» **Task to complete**: Your task is to return, word for word, only the lines from the line with "9.0 s after image 1." through the close of the data. Exclude all pictures.

» **Exercise input**:
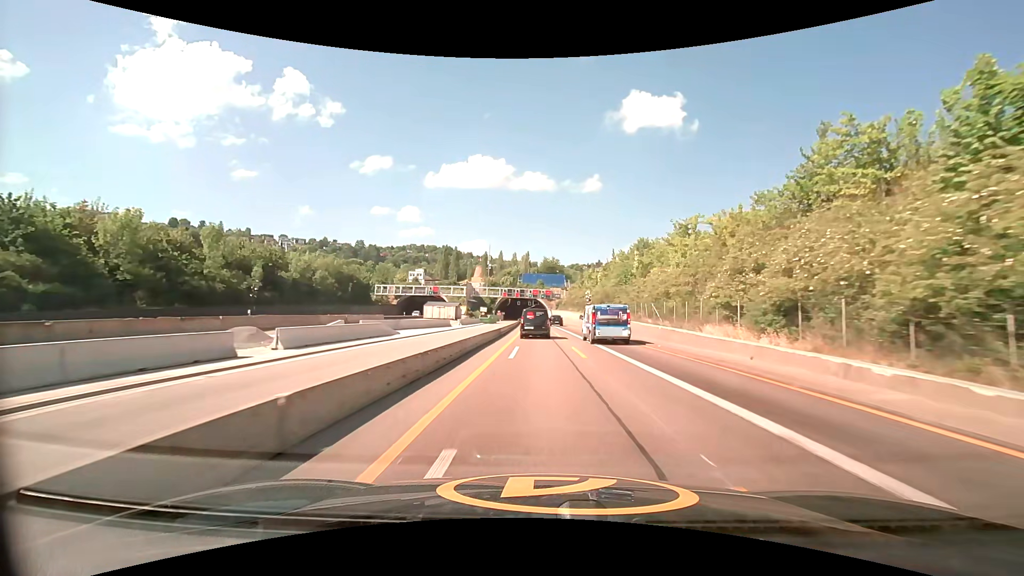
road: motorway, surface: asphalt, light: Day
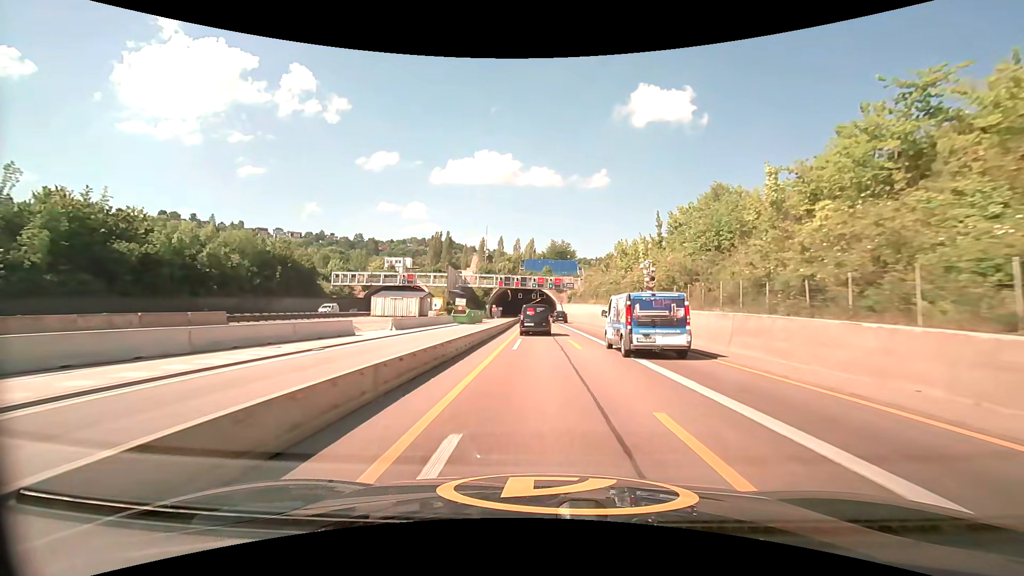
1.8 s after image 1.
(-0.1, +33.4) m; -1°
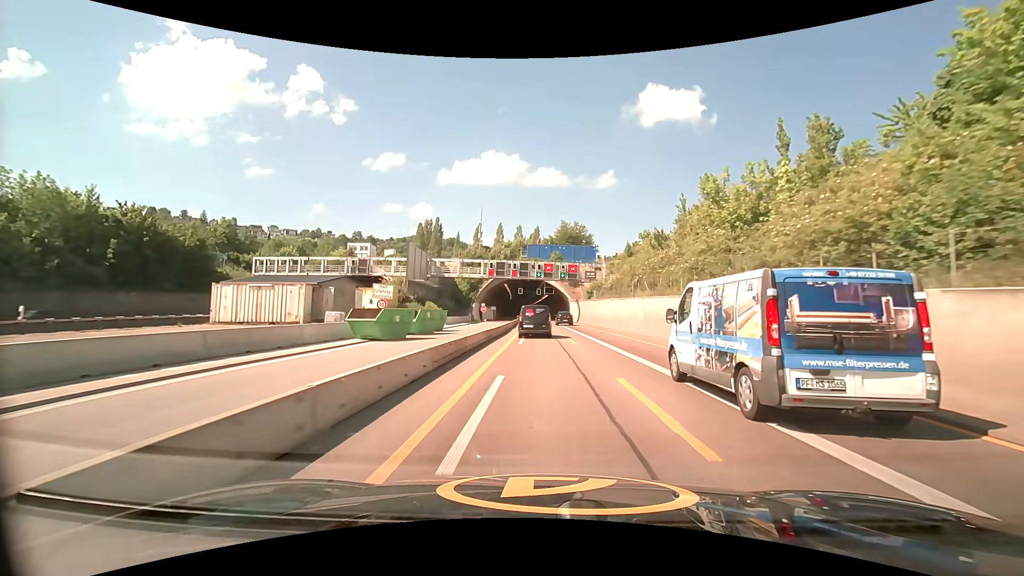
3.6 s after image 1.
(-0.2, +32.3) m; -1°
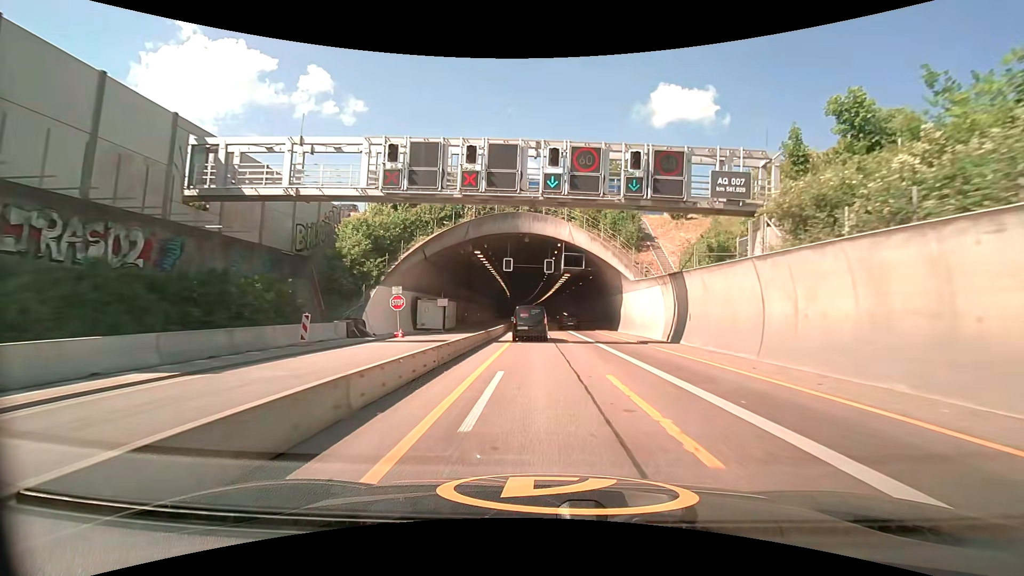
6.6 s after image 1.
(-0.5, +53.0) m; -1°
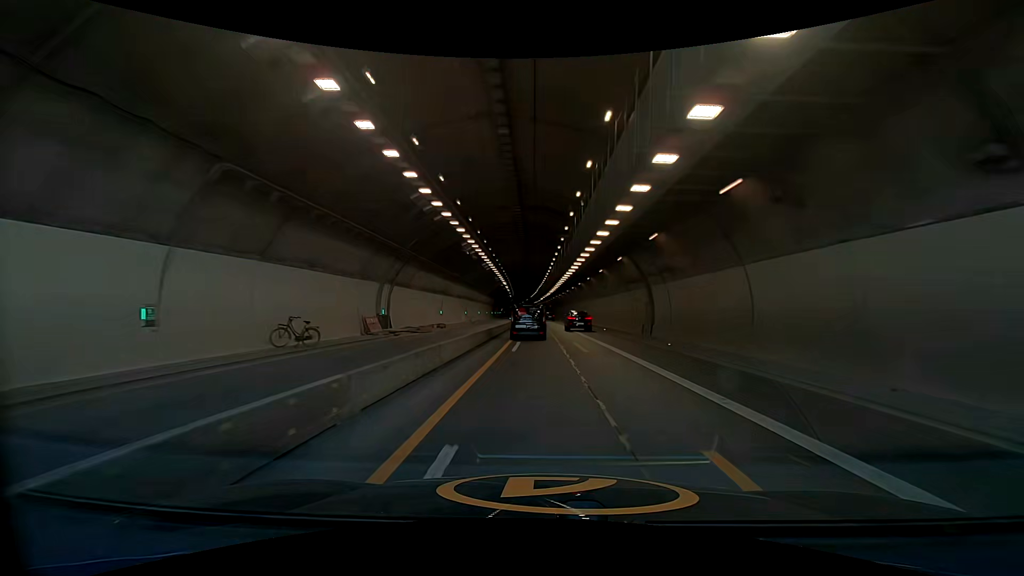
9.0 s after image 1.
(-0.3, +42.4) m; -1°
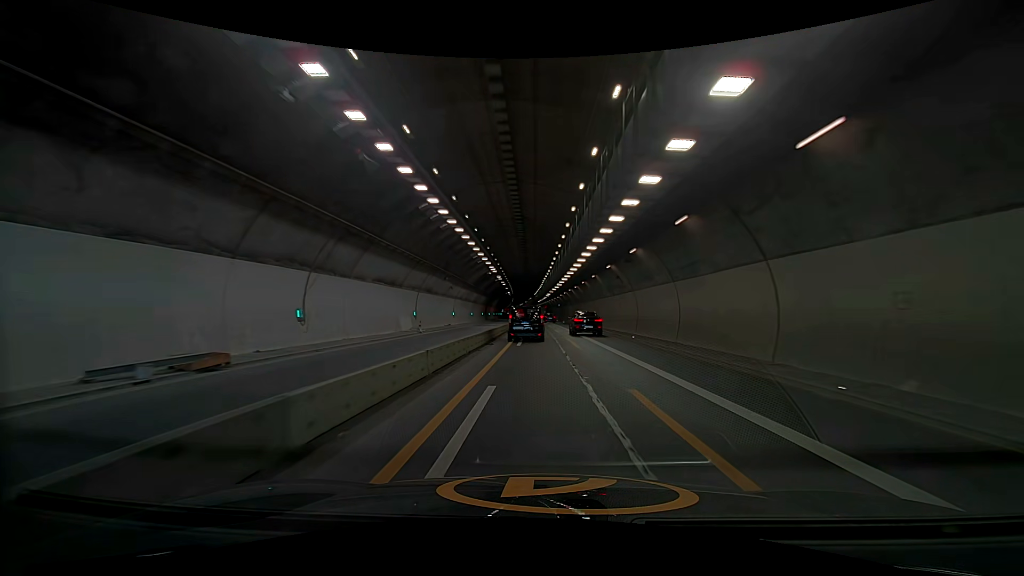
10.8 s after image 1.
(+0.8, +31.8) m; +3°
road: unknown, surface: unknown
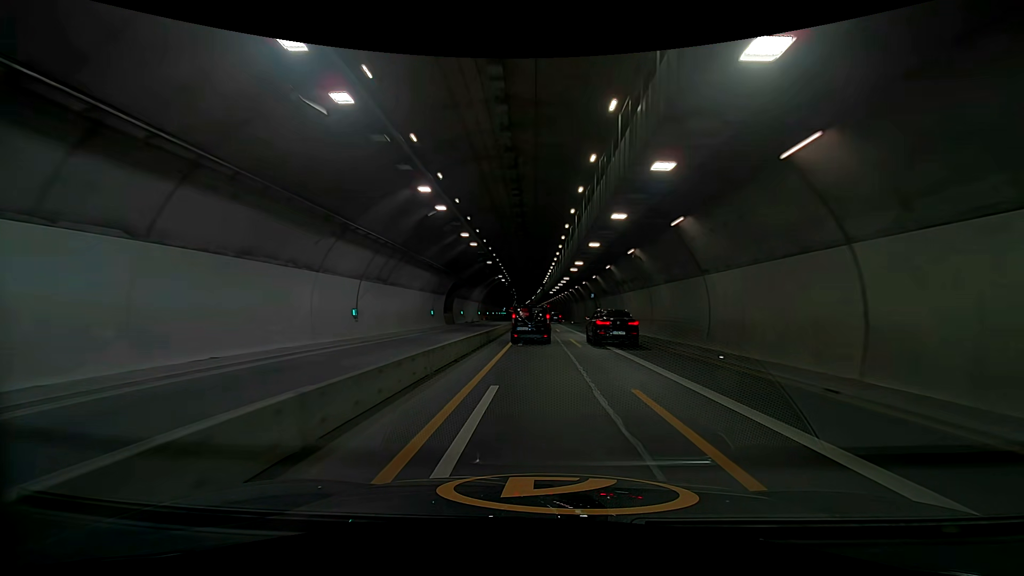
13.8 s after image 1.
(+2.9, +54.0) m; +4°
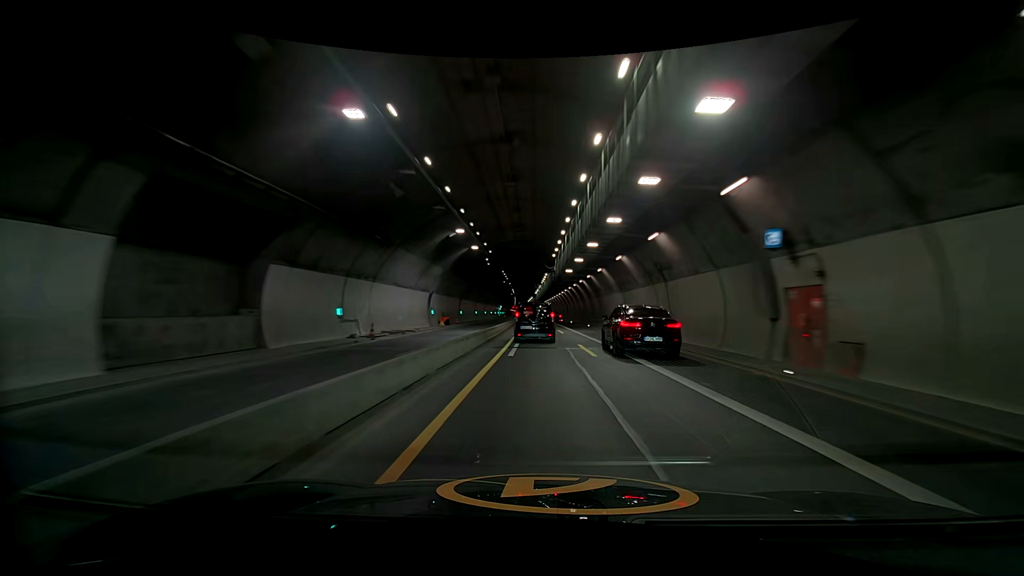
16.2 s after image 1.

» **Written answer**:
9.0 s after image 1.
(-0.3, +42.4) m; -1°
10.8 s after image 1.
(+0.8, +31.8) m; +3°
road: unknown, surface: unknown
13.8 s after image 1.
(+2.9, +54.0) m; +4°
16.2 s after image 1.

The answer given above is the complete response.